The expression a + 1
adds the 8-bit unsigned a
to the literal 1
(which is an int
) and, when you do that with disparate types, the smaller of them is usually "upgraded" to the other before adding. Hence you're then adding the two int
values, 255
and 1
, with no wrapping.
This is known in C as the "usual arithmetic conversions" and the section of the standard that deals with it, C11 6.3.1.8
, begins:
Many operators that expect operands of arithmetic type cause conversions and yield result types in a similar way. The purpose is to determine a common real type for the operands and result.
After going through some floating point types, the following dictates how integral types are handled:
Otherwise, the integer promotions are performed on both operands. Then the following rules are applied to the promoted operands:
- If both operands have the same type, then no further conversion is needed.
- Otherwise, if both operands have signed integer types or both have unsigned integer types, the operand with the type of lesser integer conversion rank is converted to the type of the operand with greater rank.
- Otherwise, if the operand that has unsigned integer type has rank greater or equal to the rank of the type of the other operand, then the operand with signed integer type is converted to the type of the operand with unsigned integer type.
- Otherwise, if the type of the operand with signed integer type can represent all of the values of the type of the operand with unsigned integer type, then the operand with unsigned integer type is converted to the type of the operand with signed integer type.
- Otherwise, both operands are converted to the unsigned integer type
corresponding to the type of the operand with signed integer type.
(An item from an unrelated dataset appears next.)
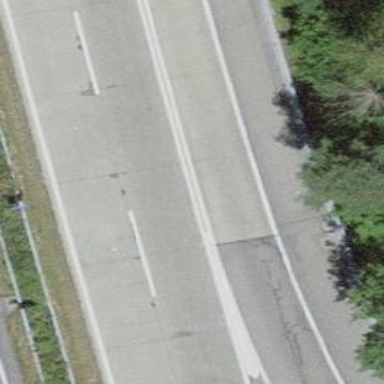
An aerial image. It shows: Motorway link.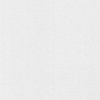
Label: dusty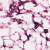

You may think that it's the fourth bullet point that comes into play here but, in actual fact, it's the preamble combined with the first bullet point. The "integer promotions", detailed in C11 6.3.1.1
, will actually take integral types of lesser or equal rank to int
and turn them into an int
(assuming that can represent all values of the original type, otherwise it makes it unsigned int
).
The other difference, of course, is that the first one modifies a
but the second one does not.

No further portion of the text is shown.